Ho visto Benedetta volare. Fra le corde di un’altalena

Calcinculo (Italia, Svizzera 2022)
Regia: Chiara Bellosi
Cast: Gaia Di Pietro, Andrea Carpenzano, Barbara Chichiarelli, Giandomenico Cupaiuolo, Francesca Antonelli, Alessio Praticò, Paola Tintinelli, Claudia Salerno, Germana Petavrachi, Rachele Petavrachi
Produzione: Tempesta, Tellfilm, Rai Cinema
Distribuzione: Istituto Luce
Genere: Drammatico
Durata: 88

Le farfalle vivono poco, ma durante quel breve tempo, esistono per volare e mostrare la loro bellezza, che si confonde coi fiori. Le farfalle volano. E per volare non devono incontrare ostacoli. Le farfalle finte, con le ali artificiali, sono tristi. Perché restano affisse e fisse nei loro finti voli, sugli stipiti di porte e finestre. Chiuse.

Un film italiano insolito, quello di Chiara Bellosi. Capace di raccontare l’adolescenza come pochi altri registi in Italia. Lontani dalla retorica, dal rumore e dallo stereotipo “ggiovane” e “giovanile”. Sapendo che si cresce, nel bene o nel male, chi più chi meno, a calci in culo.

La regista comasca, al suo secondo lungometraggio, fattasi notare già dal primo e ancora con questo, a Berlino, racconta la vita di Benedetta, un’adolescente che vive in una zona rurale non meglio identificata, insieme ai genitori e alle due sorelle minori. Se il padre ha la passione per le automobili, la madre sfoga le proprie frustrazioni sulla figlia maggiore, costretta a subire i calci in culo. Quella di Benedetta è un’esistenza per nulla felice, al modo di tante adolescenze. Ciò che darà una svolta alla possibilità che qualcosa cambi è l’arrivo nel paese dove vive Benedetta di un luna park, dove la ragazzina conosce Amanda, un bruco in un corpo da farfalla. Il loro è un rapporto di grandi dialoghi, tutti costruiti coi silenzi. Le grida inespresse ma evidenti nei corpi di entrambi sono ciò di cui fa la cifra questo gioiellino di film. Racconta l’adolescenza, ma da dentro ciascuno dei due protagonisti. Tutto quello che c’è fuori, realmente al modo di quello che è nella testa e nel cuore di ogni adolescente, resta fuori.

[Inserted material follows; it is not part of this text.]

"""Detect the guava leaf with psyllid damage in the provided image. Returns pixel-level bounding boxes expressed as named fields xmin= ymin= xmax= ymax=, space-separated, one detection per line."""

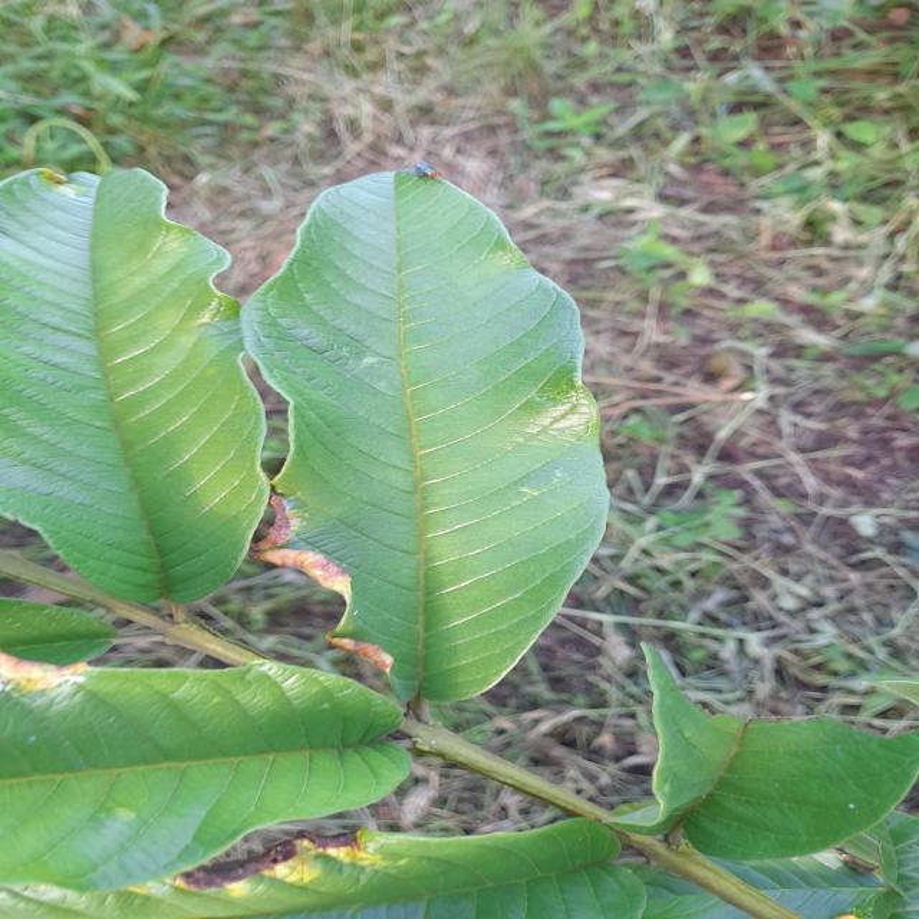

Chiara Bellosi ha uno sguardo libero, in fatto di contenuti e forma. E affida tutto questo a due interpreti assolutamente credibili e incredibili per la loro bravura, Gaia Di Pietro e Antonio Carpenzano. Pur mantenendo, dall’inizio alla fine del film, una dimensione molto intima, la regista pensa alla grande, riuscendo a mettere bene in mostra lo straniamento, il disgusto della carne cruda, masticata per prendere maggiormente consistenza della propria anoressia di sentimenti. L’impatto è forte, notevole. Man mano che la storia fra Benedetta e Amanda cambia, il desiderio di elevarsi e sospendersi, per vedere dall’alto la costrizione del vivere in così tanta bassezza, è un monito altrettanto incessante per dirsi che è necessario scendere dalla giostra. Perché la vita coi piedi in terra ha il sapore e l’odore del trucco sbavato, ma che resta. Vive del fango che fa incespicare, sbandare. Riconoscendosi soli. Calcinculo è un film sulla solitudine, ma dei numeri ultimi. Quelli che solo qualche cineasta, prima di Bellosi, hanno così bene narrato (Francois Truffaut, Gianni Amelio, Kim Rossi Stuart, Nunzia De Stefano, Marcello Sannino). La camera a mano, che insegue la quindicenne in sovrappeso, mette in bella mostra l’ossessiva fame che Benedetta mostra nei confronti della cura. Della spinta. Di quel calcio in culo, capace di farti allontanare dall’altro, perché nessuno abbia la tentazione di prenderti in braccio, se cadi o rallenti, nella possibilità che possa rialzarti, pronto per rimetterti in cammino. Anche soli. Ma quando le solitudini si ritrovano, ballano. Volano. Soprattutto se nei cieli delle solitudini adolescenziali restano distanti quei padri e quelle madri, sempre tanto, troppo impegnati a risolvere l’irrisoluta loro condizione esistenziale. Di cui i figli pagano l’anoressia e la bulimia, per eccesso o mancanza non di cure. Semplicemente di cura.